◆ EXERCISE INSTRUCTIONS
Reproduce the records. Keep every word exact and include no images.

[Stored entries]

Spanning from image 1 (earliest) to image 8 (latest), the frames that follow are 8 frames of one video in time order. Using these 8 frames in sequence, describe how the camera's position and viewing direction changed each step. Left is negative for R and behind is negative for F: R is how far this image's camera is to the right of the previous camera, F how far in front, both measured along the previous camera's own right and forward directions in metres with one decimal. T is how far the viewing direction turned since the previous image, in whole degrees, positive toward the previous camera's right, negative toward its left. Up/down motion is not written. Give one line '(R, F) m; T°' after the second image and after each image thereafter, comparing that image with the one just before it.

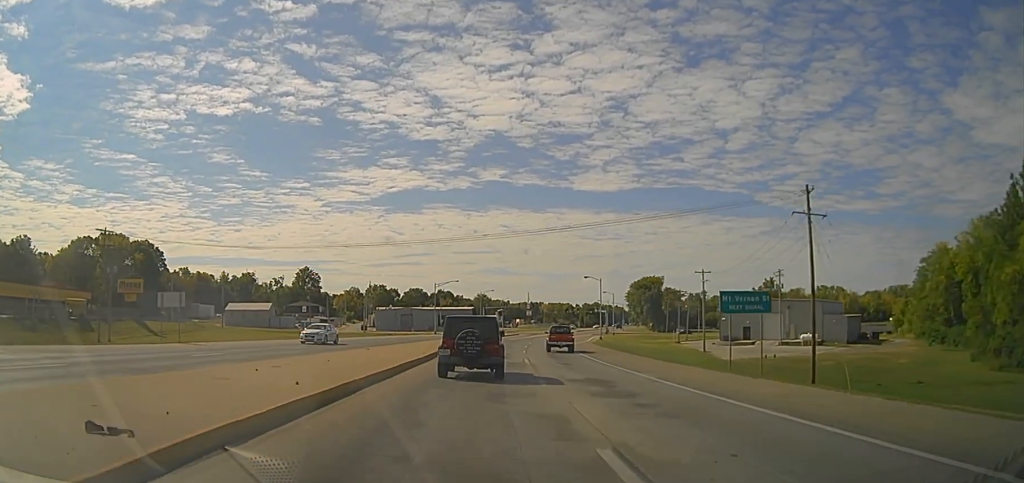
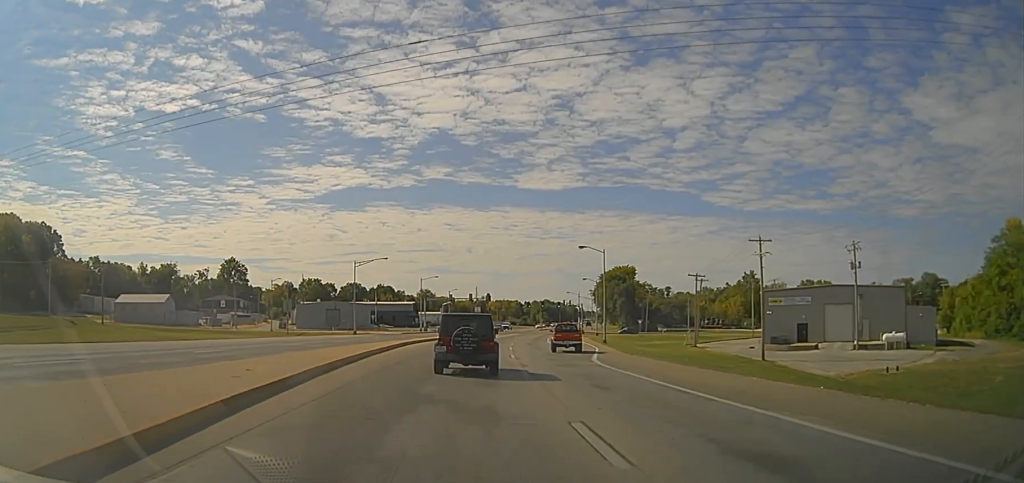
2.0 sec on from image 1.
(+0.1, +35.0) m; 0°
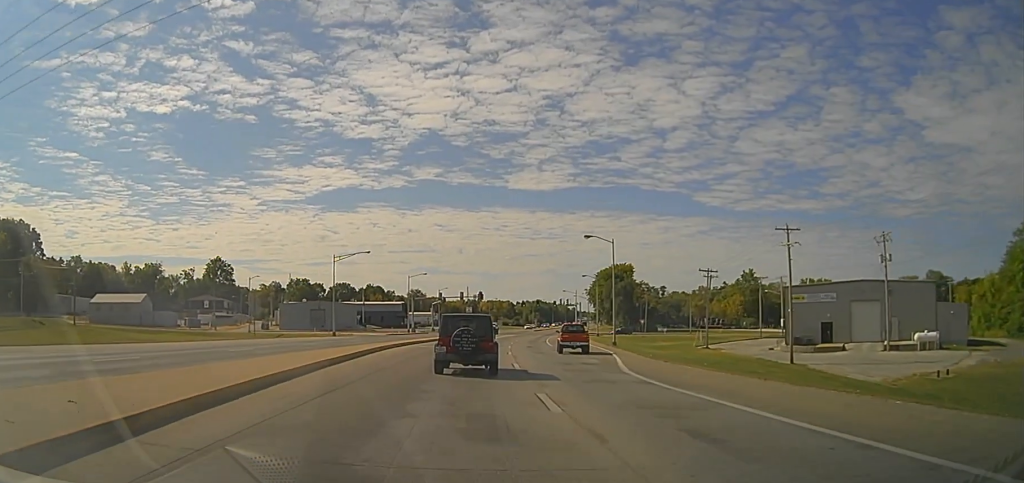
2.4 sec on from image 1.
(+0.1, +7.8) m; +1°
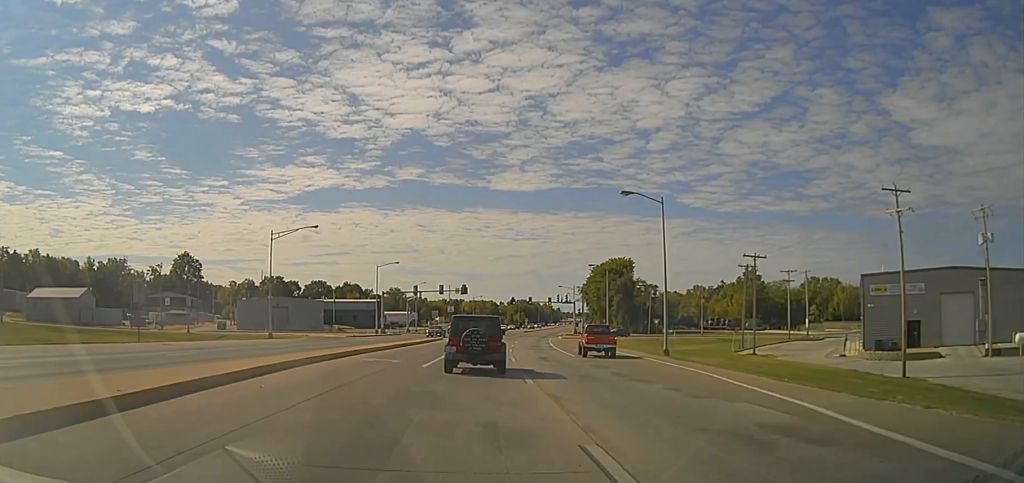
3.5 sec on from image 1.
(+0.5, +18.7) m; +3°
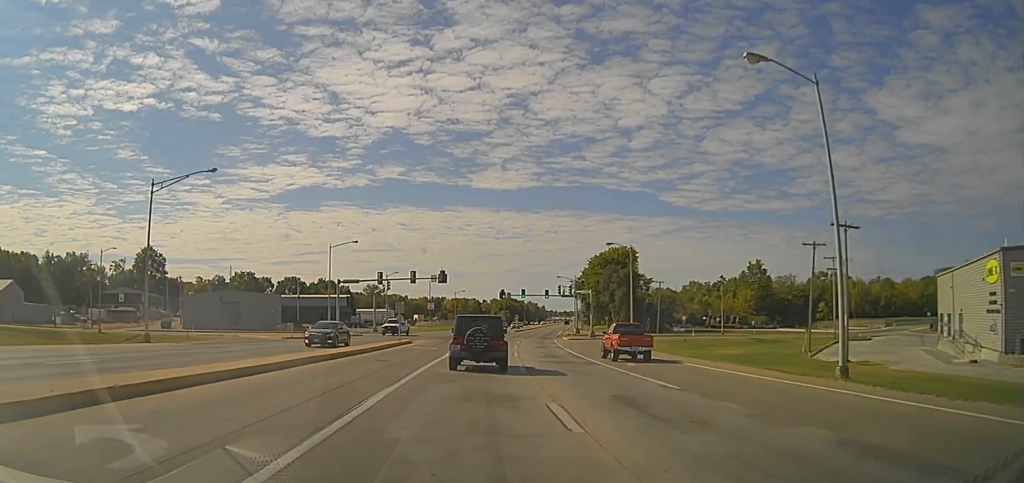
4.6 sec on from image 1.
(+0.6, +19.8) m; +3°
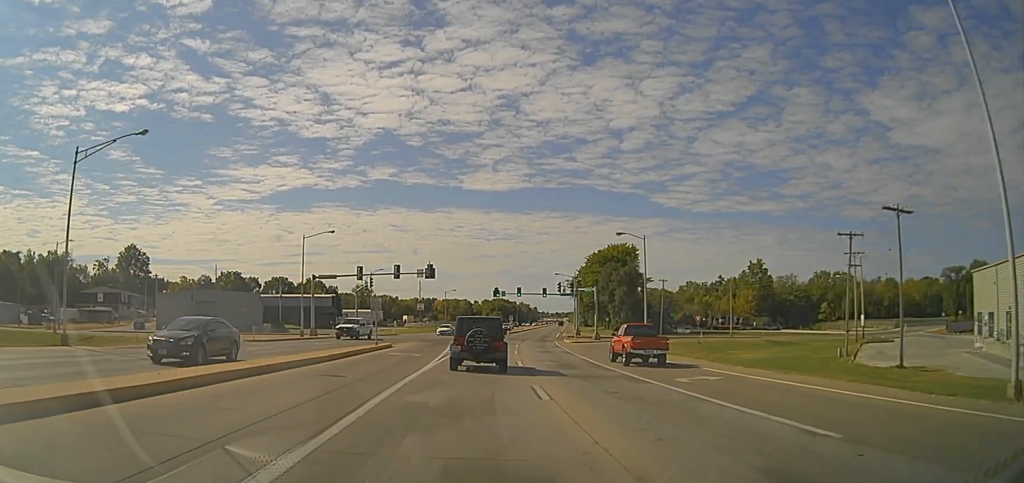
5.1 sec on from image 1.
(+0.1, +7.7) m; +1°
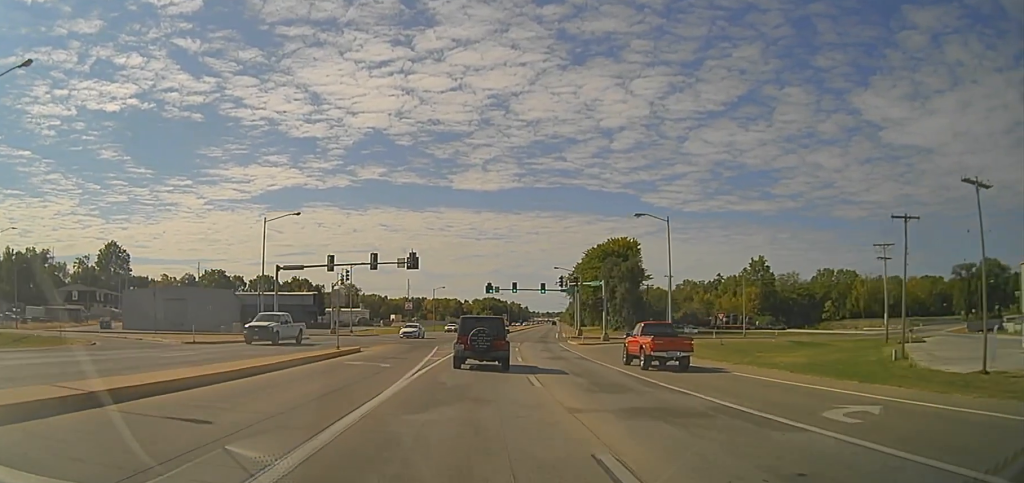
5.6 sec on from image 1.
(+0.2, +9.0) m; 0°
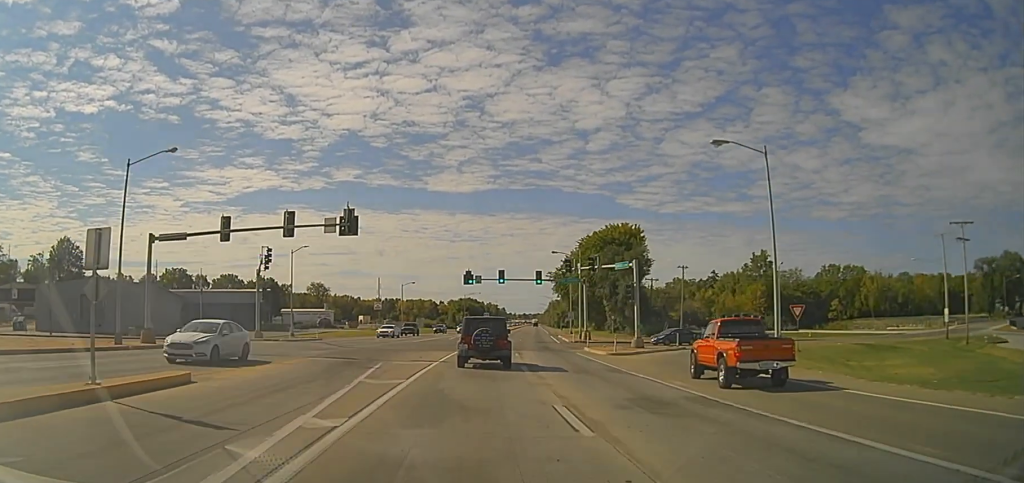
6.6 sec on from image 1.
(0.0, +19.3) m; +1°

◆ EXERCISE RESULT
Spanning from image 1 (earliest) to image 8 (latest), the frames that follow are 8 frames of one video in time order. Using these 8 frames in sequence, describe how the camera's position and viewing direction changed each step. Left is negative for R and behind is negative for F: R is how far this image's camera is to the right of the previous camera, F how far in front, both measured along the previous camera's own right and forward directions in metres with one decimal. T is how far the viewing direction turned since the previous image, in whole degrees, positive toward the previous camera's right, negative toward its left. Up/down motion is not written. Give one line '(R, F) m; T°' after the second image and after each image thereafter, comparing that image with the one just before it.

2.0 sec on from image 1.
(+0.1, +35.0) m; 0°
2.4 sec on from image 1.
(+0.1, +7.8) m; +1°
3.5 sec on from image 1.
(+0.5, +18.7) m; +3°
4.6 sec on from image 1.
(+0.6, +19.8) m; +3°
5.1 sec on from image 1.
(+0.1, +7.7) m; +1°
5.6 sec on from image 1.
(+0.2, +9.0) m; 0°
6.6 sec on from image 1.
(0.0, +19.3) m; +1°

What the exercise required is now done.